突然,听到身后的脚步声,梁秉词和她说:“走吧。”
许意阑站起身来,拉住他的手,边走边问:“哥哥,你和他们说什么了?”
“商业机密。”
许意阑显然不信他故弄玄虚,就算是商业机密他也压根不用避着她,因为她一个妥妥佛系文科生,是真听不懂那些东西。
“是什么?你快说。”许意阑耍赖,故意撒泼不往前走,抻着他的胳膊往后拉他。
梁秉词轻哂一声,弹了下她的额头,“我问问苏阿姨你的情史。”
许意阑觉得就离谱,她有哪门子情史。更何况,依照她们的母女关系,就算她当年真早恋了,也得想方设法瞒着她。
“我妈怎么说?”她顺着他问。
梁秉词轻笑一声,表情有些晦暗,“没怎么说。
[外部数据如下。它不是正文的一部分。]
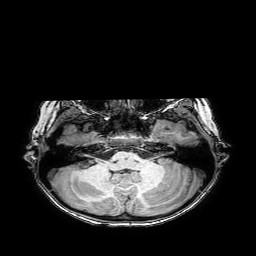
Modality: T1w
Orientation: coronal
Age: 7
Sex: male
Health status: healthy

”
许意阑就当他是在开玩笑,也没听出来他是在阴阳怪气,被他塞进车里后就自顾自地放了首歌曲,然后跟着哼唱。
她今晚心情不错,吃的好,糟心事也解决了,最重要的是,她和身边的男人和好了。一想起他今晚把她拉到主坐上的样子,她就觉得这也太爽了,她这辈子头一次爽到这个份上,简直是扬眉吐气。
再加上这首小甜歌悠扬的伴奏,她简直觉得她坠入了爱河。
以前没好好和他谈过恋爱,以后通通都要补回来。
梁秉词一手握着方向盘,一手攥着她的手。她不老实,手总是乱动,耳边还回响着她清冽的歌声,他忍不住偏过头去看她,这么美滋滋的,是忘了盒子里那个小狐貍发箍和“情书”了吗?
梁秉词想起那东西又有些不爽,但他又没理由发作,否则,岂不是显得他太过小肚鸡肠。
他还不愿意丢这个脸。
所以男人沉闷了一路,直到回到家后,许意阑一边换衣服一边撒娇问他:“我是不是可以重获自由了?”
她套头把睡裙穿上,懒洋洋地打了个瞌睡。正好快要到夏天了,北城有不少展,还有演唱会,她决定趁着不上学,报复性看一下。
梁秉词轻“嗯”了一声,表示同意。
他知道她不会走了,便格外宽容。
许意阑抱住他的腰,踮着脚尖啃了下他的下巴,“我爱死你了。”
梁秉词被她逗笑了,揉了揉她的头发,调侃着问:“再做一次?”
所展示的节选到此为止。